Leave out the images and return all the data word for word.

*** PROVIDED DATA ***

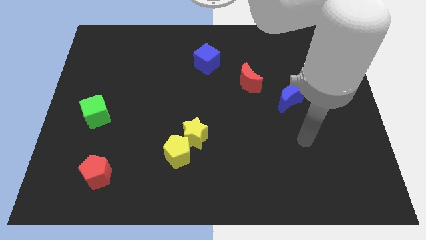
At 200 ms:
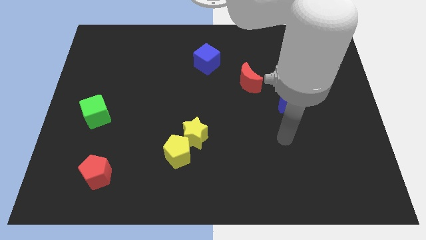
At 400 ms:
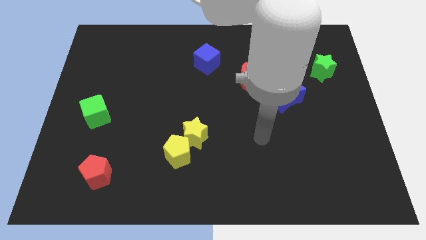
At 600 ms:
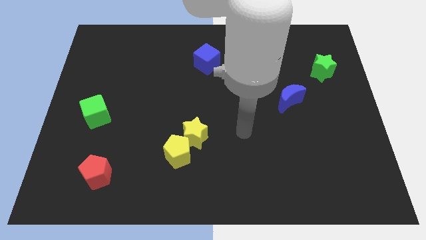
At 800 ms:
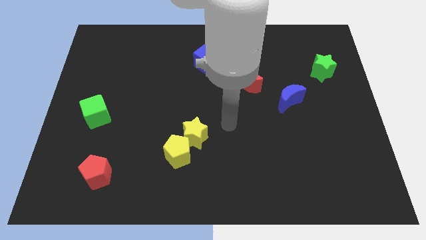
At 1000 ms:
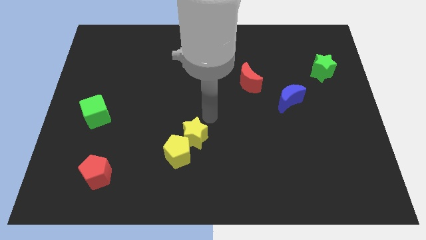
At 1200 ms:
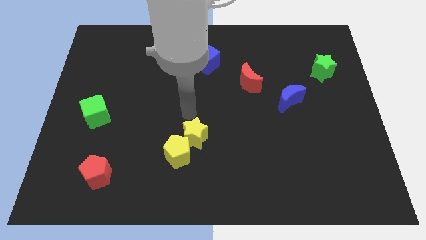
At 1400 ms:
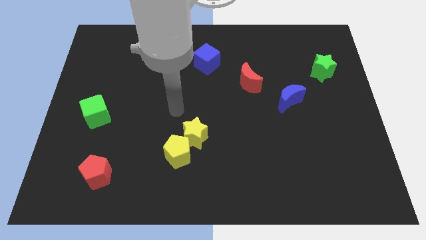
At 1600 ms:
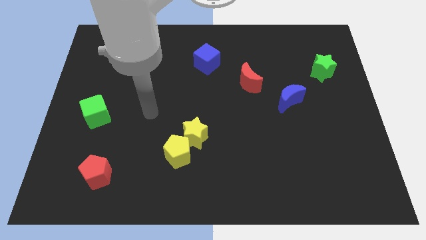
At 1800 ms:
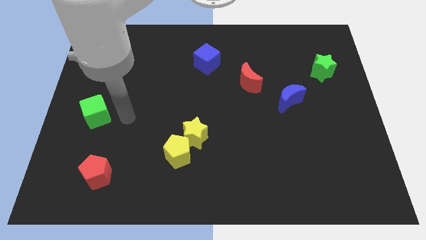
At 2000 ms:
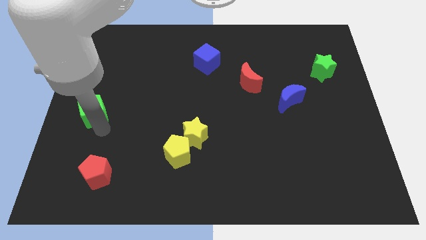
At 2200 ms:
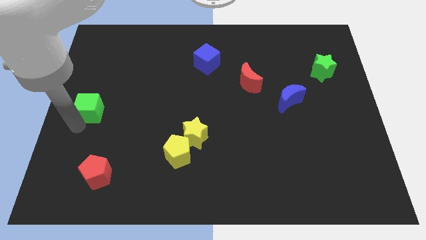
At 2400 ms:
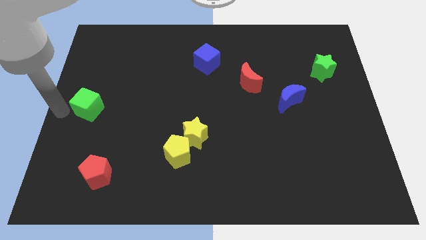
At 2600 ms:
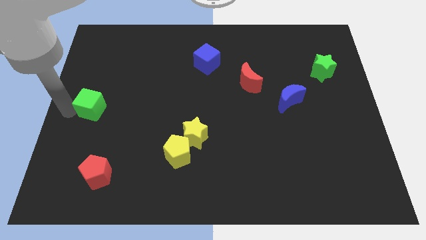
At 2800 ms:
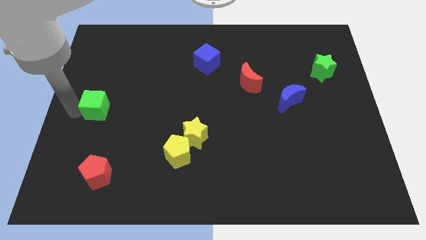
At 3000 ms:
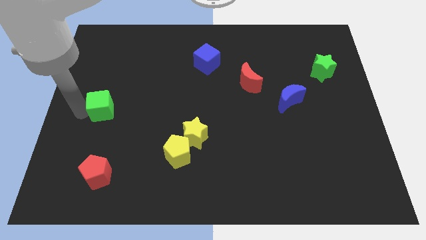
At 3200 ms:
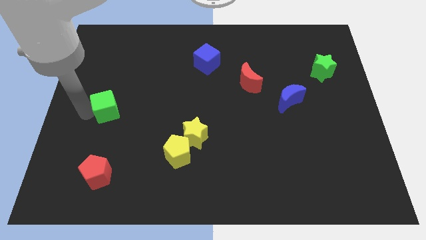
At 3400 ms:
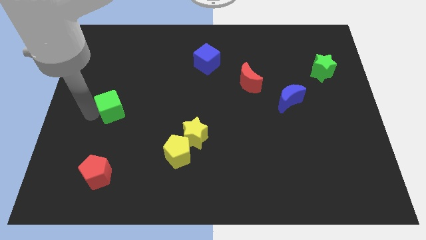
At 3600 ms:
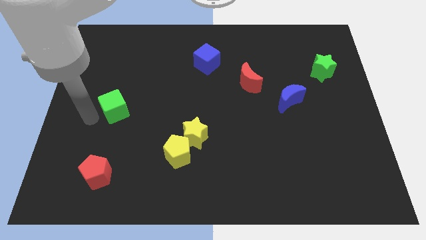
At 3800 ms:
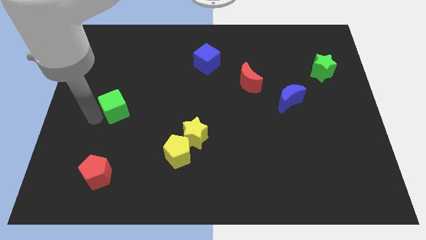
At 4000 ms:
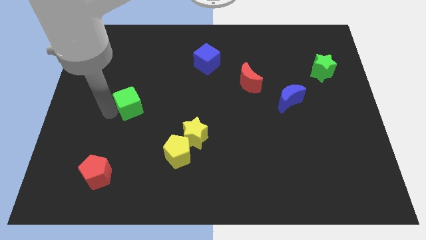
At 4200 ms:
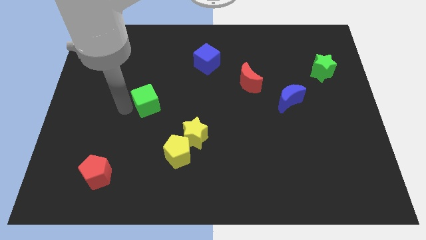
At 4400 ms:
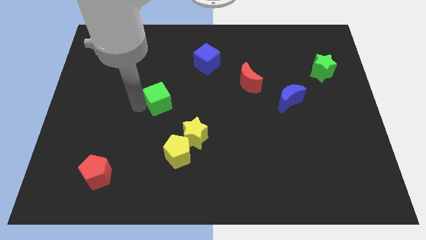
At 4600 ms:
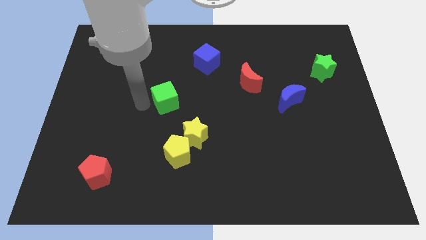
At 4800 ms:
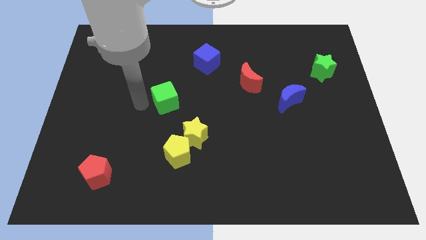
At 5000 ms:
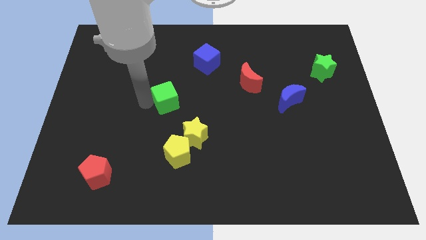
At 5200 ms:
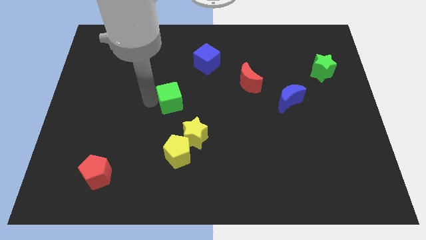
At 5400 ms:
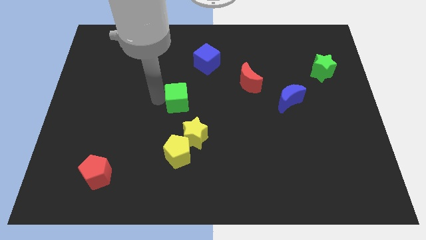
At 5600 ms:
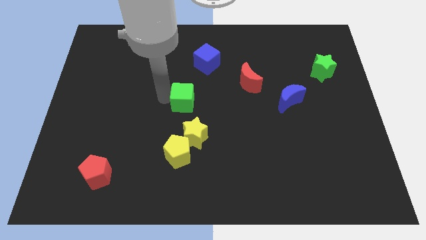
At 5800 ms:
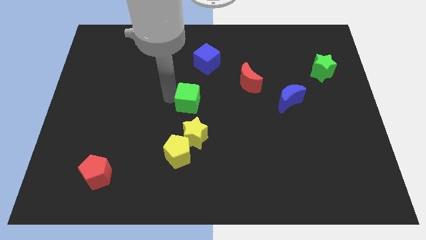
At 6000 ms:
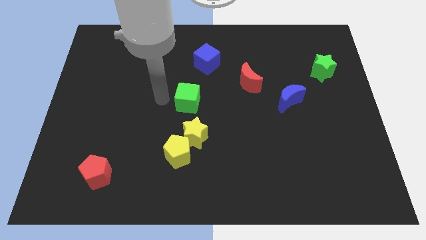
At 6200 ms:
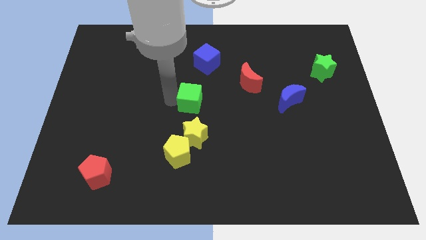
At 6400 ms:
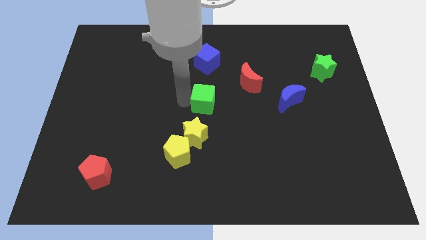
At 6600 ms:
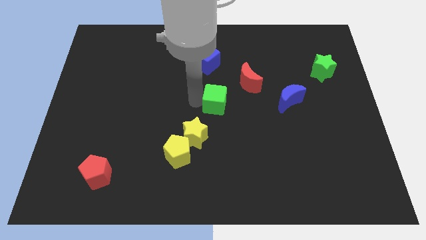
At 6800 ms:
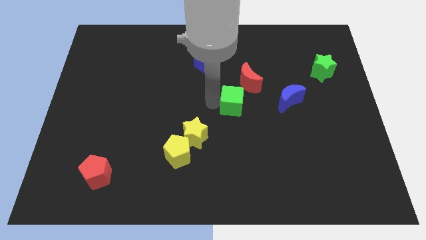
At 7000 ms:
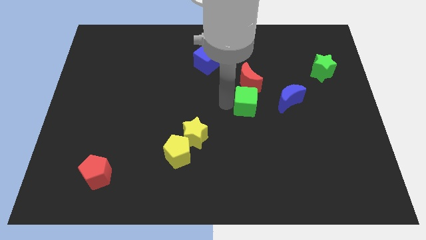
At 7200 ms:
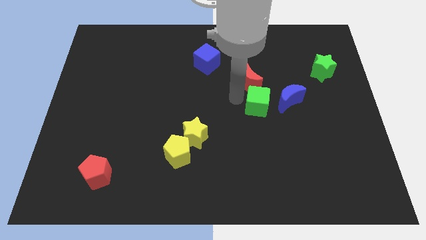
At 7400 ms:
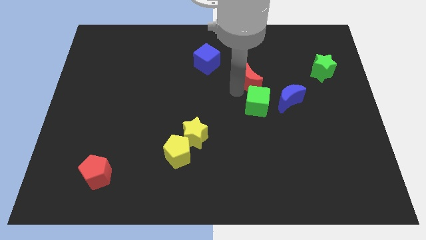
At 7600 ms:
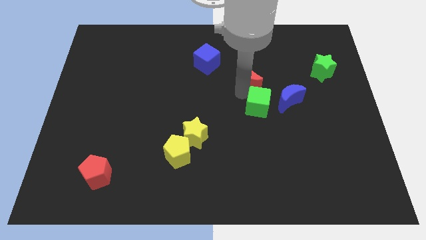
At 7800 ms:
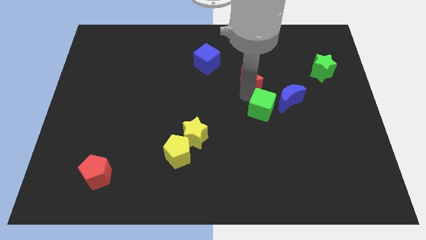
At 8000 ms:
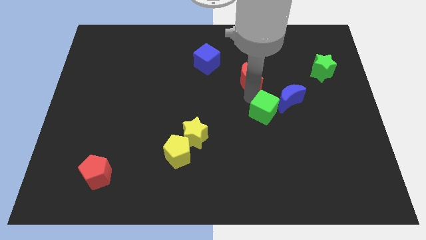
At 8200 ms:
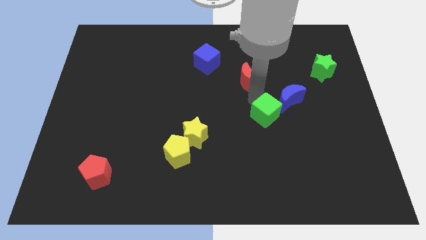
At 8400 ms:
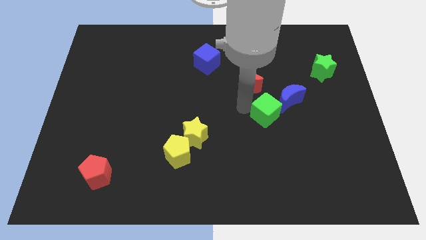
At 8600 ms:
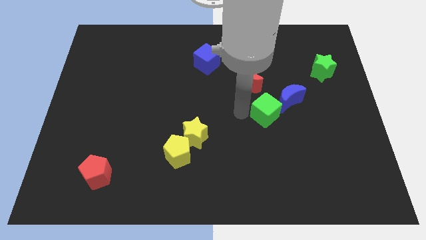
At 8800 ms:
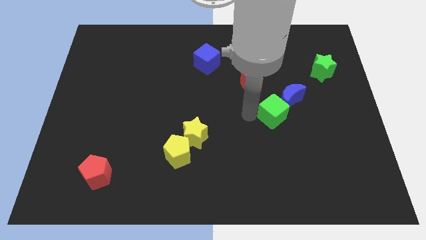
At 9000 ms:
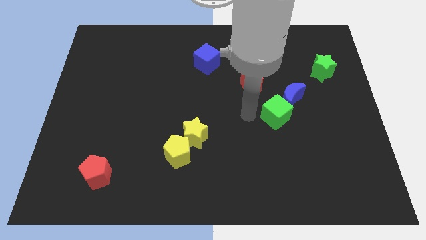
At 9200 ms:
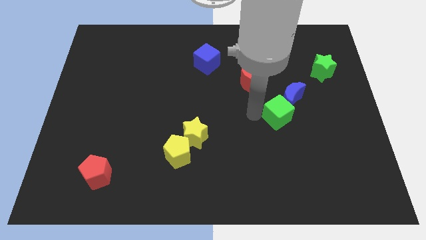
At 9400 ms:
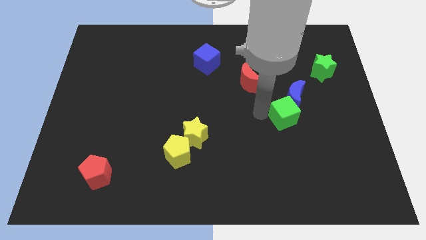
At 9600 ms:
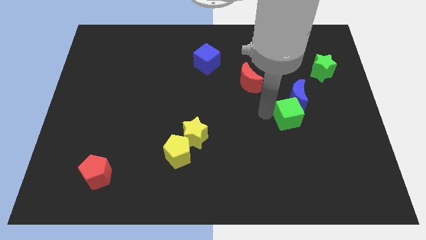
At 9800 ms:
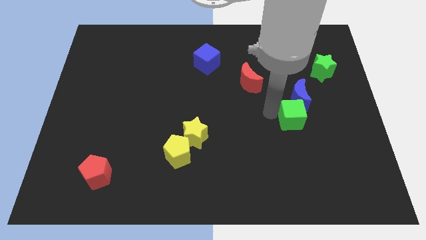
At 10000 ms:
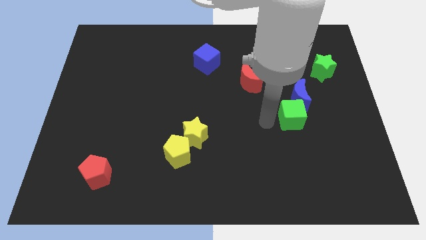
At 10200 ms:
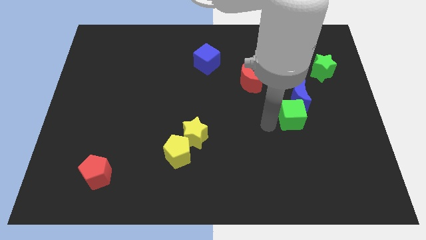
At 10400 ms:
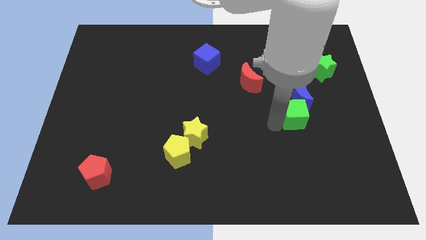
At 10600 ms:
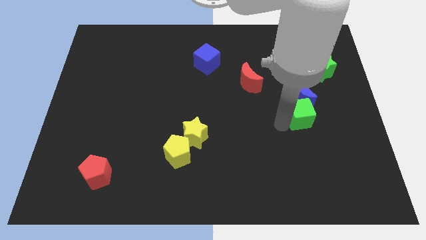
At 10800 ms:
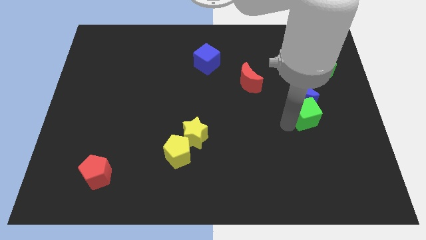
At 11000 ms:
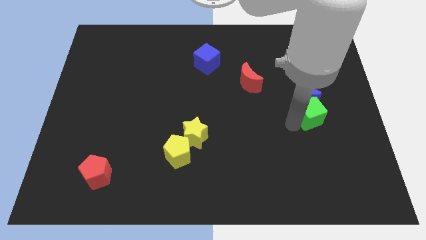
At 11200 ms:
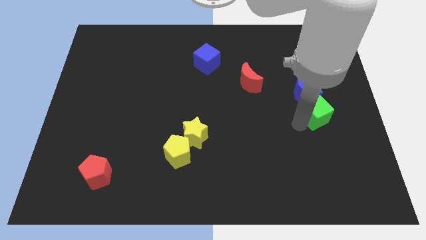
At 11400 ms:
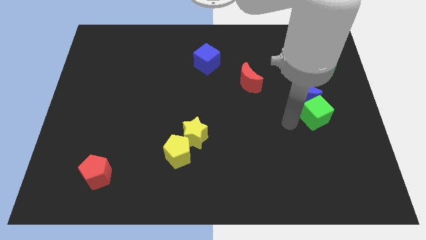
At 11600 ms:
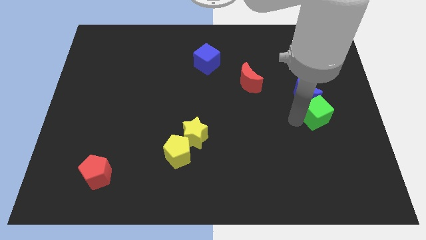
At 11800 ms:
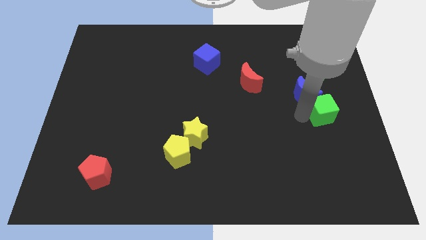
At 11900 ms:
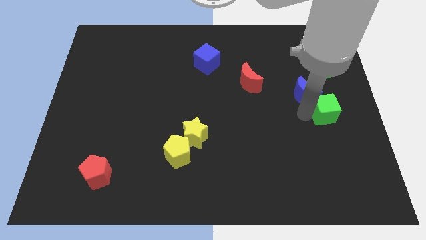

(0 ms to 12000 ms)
push the green cube to the center right

*** End of PROVIDED DATA ***

RESULT:
At 200 ms:
At 400 ms:
At 600 ms:
At 800 ms:
At 1000 ms:
At 1200 ms:
At 1400 ms:
At 1600 ms:
At 1800 ms:
At 2000 ms:
At 2200 ms:
At 2400 ms:
At 2600 ms:
At 2800 ms:
At 3000 ms:
At 3200 ms:
At 3400 ms:
At 3600 ms:
At 3800 ms:
At 4000 ms:
At 4200 ms:
At 4400 ms:
At 4600 ms:
At 4800 ms:
At 5000 ms:
At 5200 ms:
At 5400 ms:
At 5600 ms:
At 5800 ms:
At 6000 ms:
At 6200 ms:
At 6400 ms:
At 6600 ms:
At 6800 ms:
At 7000 ms:
At 7200 ms:
At 7400 ms:
At 7600 ms:
At 7800 ms:
At 8000 ms:
At 8200 ms:
At 8400 ms:
At 8600 ms:
At 8800 ms:
At 9000 ms:
At 9200 ms:
At 9400 ms:
At 9600 ms:
At 9800 ms:
At 10000 ms:
At 10200 ms:
At 10400 ms:
At 10600 ms:
At 10800 ms:
At 11000 ms:
At 11200 ms:
At 11400 ms:
At 11600 ms:
At 11800 ms:
At 11900 ms:

(0 ms to 12000 ms)
push the green cube to the center right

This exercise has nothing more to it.